* MATERIAL FOR THE TASK:
════════════════════
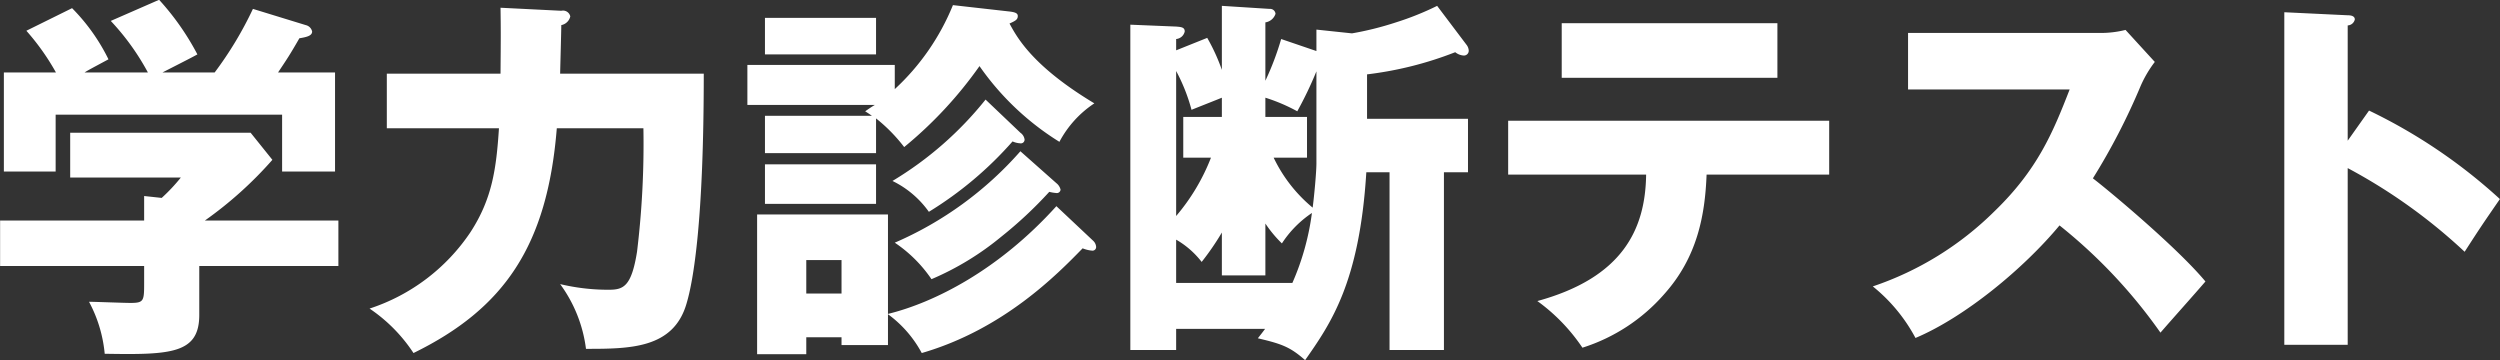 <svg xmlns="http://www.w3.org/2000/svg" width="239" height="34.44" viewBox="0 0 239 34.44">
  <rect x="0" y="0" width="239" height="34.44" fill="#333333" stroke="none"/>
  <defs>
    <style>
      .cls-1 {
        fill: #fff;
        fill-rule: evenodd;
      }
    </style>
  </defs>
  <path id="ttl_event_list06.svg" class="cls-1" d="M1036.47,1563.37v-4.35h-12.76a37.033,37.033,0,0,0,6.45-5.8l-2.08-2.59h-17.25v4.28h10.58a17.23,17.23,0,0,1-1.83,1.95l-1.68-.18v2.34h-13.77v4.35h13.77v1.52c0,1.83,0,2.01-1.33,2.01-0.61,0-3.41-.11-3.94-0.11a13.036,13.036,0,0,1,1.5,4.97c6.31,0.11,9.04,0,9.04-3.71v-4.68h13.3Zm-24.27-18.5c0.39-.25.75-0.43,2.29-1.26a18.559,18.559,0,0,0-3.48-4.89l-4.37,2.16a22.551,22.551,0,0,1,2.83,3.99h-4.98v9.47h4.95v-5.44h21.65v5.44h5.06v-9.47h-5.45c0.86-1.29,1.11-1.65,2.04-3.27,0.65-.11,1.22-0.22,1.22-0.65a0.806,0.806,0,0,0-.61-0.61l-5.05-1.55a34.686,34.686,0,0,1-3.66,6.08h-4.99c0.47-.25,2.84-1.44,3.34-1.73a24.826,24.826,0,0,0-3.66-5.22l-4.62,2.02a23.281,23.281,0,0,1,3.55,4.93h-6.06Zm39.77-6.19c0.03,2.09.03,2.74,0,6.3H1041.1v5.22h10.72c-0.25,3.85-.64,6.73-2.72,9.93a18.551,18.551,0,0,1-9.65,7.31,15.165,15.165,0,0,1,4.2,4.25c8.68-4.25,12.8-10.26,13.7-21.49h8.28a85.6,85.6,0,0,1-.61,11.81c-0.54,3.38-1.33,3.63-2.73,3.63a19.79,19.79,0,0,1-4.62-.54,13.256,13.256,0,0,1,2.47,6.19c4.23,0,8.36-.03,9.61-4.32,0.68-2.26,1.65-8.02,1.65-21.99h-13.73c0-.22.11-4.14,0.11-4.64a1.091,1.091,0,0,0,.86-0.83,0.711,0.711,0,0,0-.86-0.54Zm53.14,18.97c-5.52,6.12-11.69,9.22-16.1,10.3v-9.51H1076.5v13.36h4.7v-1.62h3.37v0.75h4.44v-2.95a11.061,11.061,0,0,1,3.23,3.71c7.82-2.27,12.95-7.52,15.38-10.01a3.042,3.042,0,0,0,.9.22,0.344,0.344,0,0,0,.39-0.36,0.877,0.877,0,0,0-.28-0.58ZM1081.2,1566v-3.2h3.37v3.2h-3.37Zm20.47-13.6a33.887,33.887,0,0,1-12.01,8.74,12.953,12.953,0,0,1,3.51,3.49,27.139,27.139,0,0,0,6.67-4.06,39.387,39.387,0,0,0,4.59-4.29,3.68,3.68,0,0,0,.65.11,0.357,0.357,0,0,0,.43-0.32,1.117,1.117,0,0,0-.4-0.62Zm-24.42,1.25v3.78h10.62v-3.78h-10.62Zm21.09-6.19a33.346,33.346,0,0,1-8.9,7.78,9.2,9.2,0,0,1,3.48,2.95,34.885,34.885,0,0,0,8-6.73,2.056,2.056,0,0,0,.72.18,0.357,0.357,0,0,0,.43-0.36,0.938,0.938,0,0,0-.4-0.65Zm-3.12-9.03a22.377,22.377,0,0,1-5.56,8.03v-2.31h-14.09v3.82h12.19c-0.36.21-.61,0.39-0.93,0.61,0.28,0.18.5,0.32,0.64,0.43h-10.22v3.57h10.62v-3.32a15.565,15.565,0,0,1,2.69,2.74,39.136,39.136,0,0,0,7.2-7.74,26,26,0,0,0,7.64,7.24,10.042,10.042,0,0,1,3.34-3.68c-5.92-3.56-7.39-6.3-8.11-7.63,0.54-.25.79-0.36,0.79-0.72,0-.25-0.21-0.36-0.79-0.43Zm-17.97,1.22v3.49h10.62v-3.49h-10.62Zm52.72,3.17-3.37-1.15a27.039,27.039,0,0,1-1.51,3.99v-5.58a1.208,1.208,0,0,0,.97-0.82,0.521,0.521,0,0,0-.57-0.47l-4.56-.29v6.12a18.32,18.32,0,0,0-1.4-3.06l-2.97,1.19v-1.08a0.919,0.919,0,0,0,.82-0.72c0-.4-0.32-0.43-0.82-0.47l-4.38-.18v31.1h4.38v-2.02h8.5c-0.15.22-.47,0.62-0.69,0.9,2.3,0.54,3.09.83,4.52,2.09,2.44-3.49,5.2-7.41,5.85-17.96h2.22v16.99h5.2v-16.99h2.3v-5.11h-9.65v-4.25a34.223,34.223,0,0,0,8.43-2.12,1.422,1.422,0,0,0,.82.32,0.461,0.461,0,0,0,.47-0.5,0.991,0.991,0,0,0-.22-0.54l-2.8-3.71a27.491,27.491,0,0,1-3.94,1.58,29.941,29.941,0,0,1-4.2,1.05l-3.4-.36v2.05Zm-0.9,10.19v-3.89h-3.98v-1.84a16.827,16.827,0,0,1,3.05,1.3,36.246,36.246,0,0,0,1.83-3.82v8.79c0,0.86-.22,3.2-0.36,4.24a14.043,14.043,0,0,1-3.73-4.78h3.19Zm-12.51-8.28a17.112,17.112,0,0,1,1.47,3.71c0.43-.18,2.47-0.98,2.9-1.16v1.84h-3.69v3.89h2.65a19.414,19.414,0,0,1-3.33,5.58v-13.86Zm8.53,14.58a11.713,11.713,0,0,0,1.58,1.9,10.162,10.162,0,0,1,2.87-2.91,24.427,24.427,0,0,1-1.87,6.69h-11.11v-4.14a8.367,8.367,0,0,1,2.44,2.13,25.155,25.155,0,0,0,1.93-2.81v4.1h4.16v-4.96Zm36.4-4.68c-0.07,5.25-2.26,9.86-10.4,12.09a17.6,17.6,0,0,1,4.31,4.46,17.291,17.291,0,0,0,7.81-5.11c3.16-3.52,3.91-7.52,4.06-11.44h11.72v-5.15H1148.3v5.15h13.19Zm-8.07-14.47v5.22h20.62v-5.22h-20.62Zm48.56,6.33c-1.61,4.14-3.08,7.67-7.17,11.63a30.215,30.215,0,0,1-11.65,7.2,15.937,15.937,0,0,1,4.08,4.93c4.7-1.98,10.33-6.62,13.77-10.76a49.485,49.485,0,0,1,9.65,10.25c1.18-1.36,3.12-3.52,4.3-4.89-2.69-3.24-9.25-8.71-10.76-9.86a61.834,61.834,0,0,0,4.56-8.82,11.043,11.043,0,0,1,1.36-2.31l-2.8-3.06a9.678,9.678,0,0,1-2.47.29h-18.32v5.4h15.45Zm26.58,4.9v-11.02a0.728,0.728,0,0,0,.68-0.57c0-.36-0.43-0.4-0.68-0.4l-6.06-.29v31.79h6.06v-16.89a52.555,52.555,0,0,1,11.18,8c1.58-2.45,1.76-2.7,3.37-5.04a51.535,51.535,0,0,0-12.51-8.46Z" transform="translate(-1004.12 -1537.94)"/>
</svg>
════════════════════
* EXERCISE GOAL:
Every record should be duplicated exactly, though any picture in it must be left out.

* RESPONSE:
 <svg xmlns="http://www.w3.org/2000/svg" width="239" height="34.44" viewBox="0 0 239 34.44">
  <rect x="0" y="0" width="239" height="34.44" fill="#333333" stroke="none"/>
  <defs>
    <style>
      .cls-1 {
        fill: #fff;
        fill-rule: evenodd;
      }
    </style>
  </defs>
  <path id="ttl_event_list06.svg" class="cls-1" d="M1036.47,1563.37v-4.35h-12.76a37.033,37.033,0,0,0,6.45-5.8l-2.08-2.59h-17.25v4.28h10.58a17.23,17.23,0,0,1-1.83,1.95l-1.68-.18v2.34h-13.77v4.35h13.77v1.52c0,1.83,0,2.01-1.33,2.01-0.61,0-3.41-.11-3.94-0.11a13.036,13.036,0,0,1,1.5,4.97c6.31,0.11,9.04,0,9.04-3.71v-4.68h13.3Zm-24.27-18.5c0.39-.25.75-0.43,2.29-1.26a18.559,18.559,0,0,0-3.48-4.89l-4.37,2.16a22.551,22.551,0,0,1,2.83,3.99h-4.98v9.47h4.95v-5.44h21.65v5.44h5.06v-9.47h-5.45c0.86-1.29,1.11-1.65,2.04-3.27,0.65-.11,1.22-0.22,1.22-0.65a0.806,0.806,0,0,0-.61-0.61l-5.05-1.55a34.686,34.686,0,0,1-3.66,6.08h-4.99c0.47-.25,2.84-1.44,3.34-1.73a24.826,24.826,0,0,0-3.66-5.22l-4.62,2.02a23.281,23.281,0,0,1,3.55,4.93h-6.06Zm39.77-6.19c0.03,2.09.03,2.74,0,6.3H1041.1v5.22h10.72c-0.25,3.85-.64,6.73-2.72,9.93a18.551,18.551,0,0,1-9.65,7.31,15.165,15.165,0,0,1,4.2,4.25c8.68-4.25,12.8-10.26,13.7-21.49h8.28a85.6,85.6,0,0,1-.61,11.81c-0.54,3.38-1.33,3.63-2.73,3.63a19.79,19.79,0,0,1-4.62-.54,13.256,13.256,0,0,1,2.47,6.19c4.23,0,8.36-.03,9.61-4.32,0.68-2.26,1.65-8.02,1.65-21.99h-13.73c0-.22.11-4.14,0.11-4.64a1.091,1.091,0,0,0,.86-0.83,0.711,0.711,0,0,0-.86-0.54Zm53.14,18.97c-5.52,6.12-11.69,9.22-16.1,10.3v-9.51H1076.5v13.36h4.7v-1.62h3.37v0.75h4.44v-2.95a11.061,11.061,0,0,1,3.23,3.71c7.82-2.27,12.95-7.52,15.38-10.01a3.042,3.042,0,0,0,.9.22,0.344,0.344,0,0,0,.39-0.36,0.877,0.877,0,0,0-.28-0.58ZM1081.2,1566v-3.2h3.37v3.2h-3.37Zm20.47-13.6a33.887,33.887,0,0,1-12.01,8.74,12.953,12.953,0,0,1,3.51,3.49,27.139,27.139,0,0,0,6.67-4.06,39.387,39.387,0,0,0,4.59-4.29,3.68,3.68,0,0,0,.65.11,0.357,0.357,0,0,0,.43-0.32,1.117,1.117,0,0,0-.4-0.62Zm-24.42,1.25v3.78h10.62v-3.78h-10.62Zm21.09-6.19a33.346,33.346,0,0,1-8.9,7.78,9.2,9.2,0,0,1,3.48,2.95,34.885,34.885,0,0,0,8-6.73,2.056,2.056,0,0,0,.72.18,0.357,0.357,0,0,0,.43-0.36,0.938,0.938,0,0,0-.4-0.65Zm-3.12-9.03a22.377,22.377,0,0,1-5.56,8.03v-2.31h-14.09v3.82h12.19c-0.36.21-.61,0.39-0.93,0.61,0.28,0.18.5,0.32,0.64,0.43h-10.22v3.57h10.62v-3.32a15.565,15.565,0,0,1,2.69,2.74,39.136,39.136,0,0,0,7.2-7.74,26,26,0,0,0,7.64,7.24,10.042,10.042,0,0,1,3.34-3.68c-5.92-3.56-7.39-6.3-8.11-7.63,0.54-.25.79-0.36,0.79-0.72,0-.25-0.21-0.36-0.79-0.43Zm-17.97,1.22v3.49h10.62v-3.49h-10.62Zm52.72,3.17-3.37-1.15a27.039,27.039,0,0,1-1.51,3.99v-5.58a1.208,1.208,0,0,0,.97-0.82,0.521,0.521,0,0,0-.57-0.47l-4.56-.29v6.12a18.32,18.32,0,0,0-1.4-3.06l-2.97,1.19v-1.08a0.919,0.919,0,0,0,.82-0.72c0-.4-0.32-0.43-0.82-0.47l-4.38-.18v31.1h4.38v-2.02h8.5c-0.15.22-.47,0.62-0.69,0.9,2.3,0.54,3.09.83,4.52,2.09,2.44-3.49,5.2-7.41,5.85-17.96h2.22v16.99h5.2v-16.99h2.3v-5.11h-9.65v-4.25a34.223,34.223,0,0,0,8.43-2.12,1.422,1.422,0,0,0,.82.32,0.461,0.461,0,0,0,.47-0.5,0.991,0.991,0,0,0-.22-0.54l-2.8-3.71a27.491,27.491,0,0,1-3.94,1.58,29.941,29.941,0,0,1-4.2,1.05l-3.4-.36v2.05Zm-0.9,10.19v-3.89h-3.98v-1.84a16.827,16.827,0,0,1,3.05,1.3,36.246,36.246,0,0,0,1.83-3.82v8.79c0,0.86-.22,3.2-0.36,4.24a14.043,14.043,0,0,1-3.73-4.78h3.19Zm-12.51-8.28a17.112,17.112,0,0,1,1.47,3.71c0.43-.18,2.47-0.98,2.9-1.16v1.84h-3.69v3.89h2.65a19.414,19.414,0,0,1-3.33,5.58v-13.86Zm8.53,14.58a11.713,11.713,0,0,0,1.58,1.9,10.162,10.162,0,0,1,2.87-2.91,24.427,24.427,0,0,1-1.87,6.69h-11.11v-4.14a8.367,8.367,0,0,1,2.44,2.13,25.155,25.155,0,0,0,1.93-2.81v4.1h4.16v-4.96Zm36.4-4.68c-0.07,5.25-2.26,9.86-10.4,12.09a17.6,17.6,0,0,1,4.31,4.46,17.291,17.291,0,0,0,7.81-5.11c3.16-3.52,3.91-7.52,4.06-11.44h11.72v-5.15H1148.3v5.15h13.19Zm-8.07-14.47v5.22h20.62v-5.22h-20.62Zm48.56,6.33c-1.61,4.14-3.08,7.67-7.17,11.63a30.215,30.215,0,0,1-11.65,7.2,15.937,15.937,0,0,1,4.08,4.93c4.7-1.98,10.33-6.62,13.77-10.76a49.485,49.485,0,0,1,9.65,10.25c1.18-1.36,3.12-3.52,4.3-4.89-2.69-3.24-9.25-8.71-10.76-9.86a61.834,61.834,0,0,0,4.56-8.82,11.043,11.043,0,0,1,1.36-2.31l-2.8-3.06a9.678,9.678,0,0,1-2.47.29h-18.32v5.4h15.45Zm26.58,4.9v-11.02a0.728,0.728,0,0,0,.68-0.57c0-.36-0.43-0.4-0.68-0.4l-6.06-.29v31.79h6.06v-16.89a52.555,52.555,0,0,1,11.18,8c1.58-2.45,1.76-2.7,3.37-5.04a51.535,51.535,0,0,0-12.51-8.46Z" transform="translate(-1004.12 -1537.94)"/>
</svg>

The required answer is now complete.